The first to speak was Mikhail Kriger of the Committee for Anti-War Activities. The re-appearance of political prisoners in Russia shamed our country, he said. All those who spoke shared his opinion. Lev Ponomaryov (Ponomarev) of For Human Rights drew a parallel with Castro’s Cuba where, according to his information, seven political prisoners were recently freed. “There are about seventy such prisoners in Russia and our president has a unique opportunity to end his term in office by performing a good deed,” commented Ponomaryov. “Don’t you believe that he will free our political prisoners?” he asked the demonstrators. “No!” they cried. “Well, let’s give the head of state a chance,” said Ponomaryov.
Among those imprisoned for their political views and activities, speakers also named journalist Boris Stomakhin, the scientists Valentin Danilov and Igor Sutyagin, and Zaurbek Talkhigov and Zaru Murtazaliev who are both Chechen.
Anna Karetnikova’s remarks were supported by Yelena Sannikova, who was imprisoned by the Soviet authorities in the early 1980s. “We shall not ask who is more of a political prisoner than another,” she said, calling on everyone to show solidarity and defend the civil rights of all the prisoners.
Among those taking part were other former political prisoners — Pyotr Starchik, Kirill Podrabinek and Vladimir Shaklein — and the lawyers for Mikhail Khodorkovsky and Platon Lebedev, Karinna Moskalenko and Yelena Liptser.
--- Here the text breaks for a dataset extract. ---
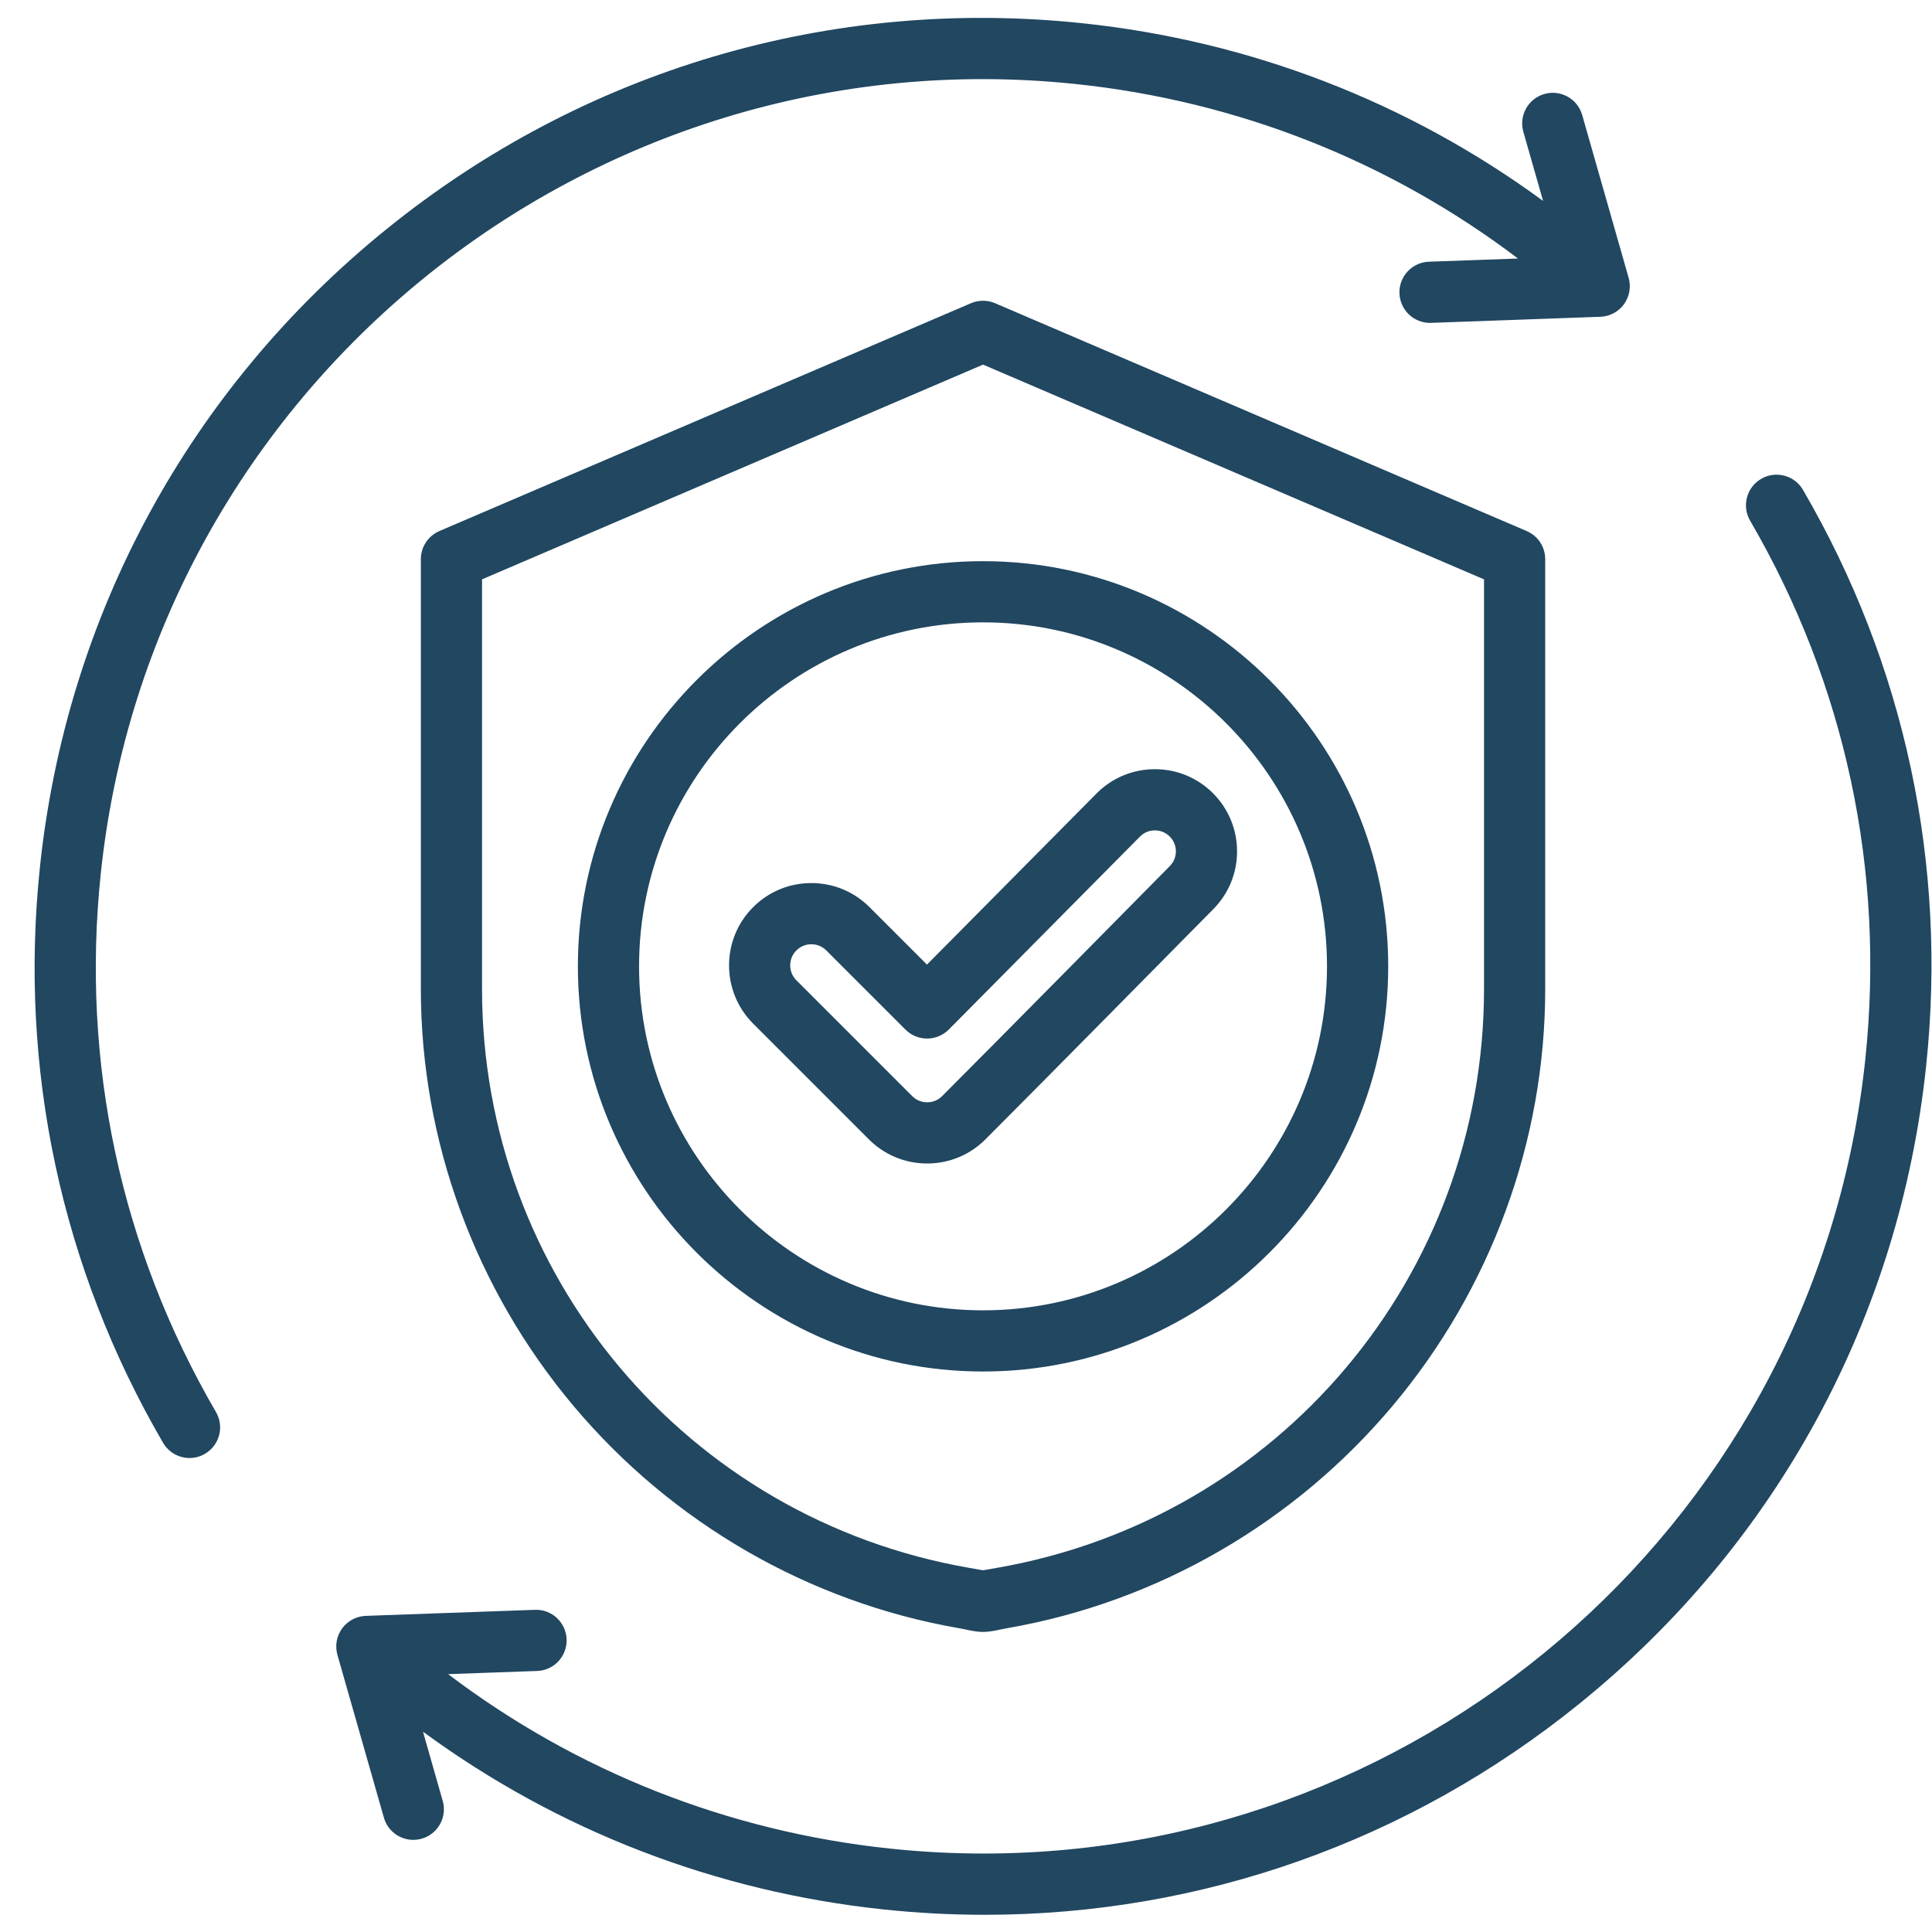 <svg width="54" height="54" viewBox="0 0 54 54" fill="none" xmlns="http://www.w3.org/2000/svg">
<path d="M27.813 8.475C27.598 8.383 27.355 8.383 27.139 8.475L12.281 14.843C11.967 14.978 11.763 15.287 11.763 15.629V27.643C11.763 31.887 13.28 36.028 16.035 39.302C18.788 42.574 22.608 44.777 26.789 45.506C27.012 45.545 27.249 45.613 27.476 45.613C27.703 45.613 27.941 45.545 28.164 45.506C32.345 44.777 36.164 42.574 38.917 39.302C41.672 36.028 43.189 31.888 43.189 27.643V15.629C43.189 15.287 42.986 14.978 42.671 14.843L27.813 8.475ZM41.479 27.643C41.479 35.643 35.756 42.447 27.87 43.821L27.476 43.89L27.082 43.821C19.197 42.447 13.473 35.643 13.473 27.643V16.193L27.476 10.191L41.479 16.193V27.643ZM16.152 27.009C16.152 33.254 21.232 38.334 27.476 38.334C33.721 38.334 38.801 33.254 38.801 27.009C38.801 20.765 33.721 15.685 27.476 15.685C21.232 15.685 16.152 20.765 16.152 27.009ZM27.476 17.395C32.778 17.395 37.09 21.708 37.09 27.009C37.09 32.311 32.778 36.624 27.476 36.624C22.175 36.624 17.862 32.311 17.862 27.009C17.862 21.708 22.175 17.395 27.476 17.395ZM21.05 28.61L24.287 31.847C24.722 32.281 25.3 32.52 25.914 32.52C26.529 32.52 27.107 32.281 27.541 31.847C29.292 30.096 32.889 26.444 33.908 25.415C34.34 24.98 34.578 24.403 34.576 23.789C34.574 23.176 34.334 22.6 33.899 22.167C33.465 21.736 32.891 21.499 32.279 21.499C32.277 21.499 32.275 21.499 32.273 21.499C31.659 21.501 31.083 21.741 30.65 22.177L25.909 26.961L24.304 25.356C23.87 24.921 23.292 24.682 22.677 24.682C22.062 24.682 21.485 24.921 21.05 25.356C20.153 26.253 20.153 27.712 21.05 28.61ZM22.259 26.565C22.371 26.453 22.52 26.392 22.677 26.392C22.835 26.392 22.983 26.453 23.095 26.565L25.308 28.777C25.468 28.938 25.685 29.028 25.912 29.028H25.914C26.142 29.027 26.36 28.936 26.52 28.775L31.863 23.382C31.974 23.271 32.121 23.209 32.278 23.209H32.279C32.436 23.209 32.582 23.269 32.693 23.38C32.804 23.49 32.866 23.637 32.866 23.794C32.867 23.95 32.806 24.098 32.694 24.21C31.673 25.242 28.078 28.891 26.332 30.637C26.221 30.749 26.072 30.81 25.915 30.81C25.757 30.81 25.608 30.749 25.497 30.637L22.26 27.4C22.029 27.17 22.029 26.795 22.259 26.565ZM6.036 39.466C6.274 39.874 6.136 40.398 5.727 40.635C5.592 40.714 5.444 40.752 5.298 40.752C5.003 40.752 4.717 40.599 4.558 40.327C1.712 35.438 0.522 29.874 1.116 24.235C1.857 17.194 5.296 10.862 10.799 6.408C16.302 1.953 23.21 -0.092 30.251 0.649C34.946 1.143 39.361 2.852 43.13 5.616L42.578 3.684C42.449 3.23 42.712 2.756 43.166 2.627C43.62 2.497 44.093 2.76 44.223 3.215L45.521 7.765C45.593 8.018 45.545 8.29 45.391 8.503C45.236 8.715 44.992 8.845 44.73 8.854L40 9.024C39.99 9.025 39.98 9.025 39.969 9.025C39.511 9.025 39.132 8.662 39.115 8.2C39.098 7.728 39.467 7.332 39.939 7.315L42.428 7.226C38.837 4.504 34.593 2.825 30.072 2.349C16.475 0.918 4.248 10.816 2.817 24.413C2.261 29.689 3.374 34.894 6.036 39.466ZM53.837 29.784C53.096 36.826 49.657 43.157 44.154 47.611C39.39 51.468 33.572 53.519 27.526 53.519C26.589 53.519 25.647 53.47 24.701 53.37C20.009 52.876 15.591 51.166 11.823 48.402L12.374 50.335C12.504 50.789 12.241 51.262 11.787 51.392C11.708 51.414 11.629 51.425 11.552 51.425C11.179 51.425 10.837 51.18 10.73 50.804L9.431 46.254C9.359 46.001 9.407 45.729 9.562 45.516C9.716 45.304 9.96 45.174 10.223 45.164L14.952 44.995C15.422 44.976 15.82 45.346 15.837 45.819C15.854 46.291 15.486 46.687 15.014 46.704L12.525 46.793C16.116 49.514 20.362 51.194 24.881 51.669C25.758 51.762 26.632 51.807 27.495 51.807C40.013 51.808 50.797 42.326 52.136 29.605C52.692 24.329 51.578 19.124 48.916 14.553C48.679 14.145 48.817 13.621 49.225 13.384C49.633 13.146 50.157 13.284 50.394 13.692C53.24 18.58 54.431 24.145 53.837 29.784Z" fill="#214761"/>
</svg>

Kirill Podrabinek reminded his listeners that the arbitrary behaviour of prison officials also affected the ordinary inmates of the country’s many penal colonies, remand centres and prisons. This should this be overlooked either.
Those protesting were few in number, perhaps, but more than made up for it by the vigour with which they periodically chanted, “Free political prisoners!” Karinna Moskalenko expressed her certainty that there were many more people in Moscow and across the country who sympathised with the rally’s aims and objectives. She promised to tell her client, Mikhail Khodorkovsky, about the day’s events.
The meeting concluded with a resolution:
“We are not satisfied that it took a campaign in the media and active public pressure on the authorities for them to do what they should have done long before: transfer the terminally ill Vasily Aleksanyan to a specialist clinic. The authorities are obliged to act in accordance with the law, without public scandals or intervention by the European Parliament, and to do so as part of its daily business. Investigators have no right to extract testimony under the threat of repressive measures and torture – by refusing a gravely ill man medical treatment. Someone under investigation should not be held behind bars unless he or she has committed a serious crime against the person ...
“We demand that the prosecutor’s office look into the actions of the investigator who tried to use Aleksanyan’s illness to blackmail him, offering life and freedom in exchange for perjury.
“We demand that the prosecutor’s office look into the actions of the prison staff who were obliged to transfer Aleksanyan to a hospital the moment he had received his fatal diagnosis.
“We demand a response from the Russian judicial system. On what grounds does Vasily Aleksanyan remain in custody and why has he still not been released?
“As citizens of Russia, we are not in agreement with the cruel policy of the country’s present authorities. Terror and violence are not methods of administration. We oppose the ideology of cruelty, indifference and fear that is forced on us by our country’s present rulers. We protest against the restoration of totalitarianism in Russia.
“We want to see a revival of humane behaviour, benevolence and compassion, in both Russian society and the hearts of our fellow citizens!”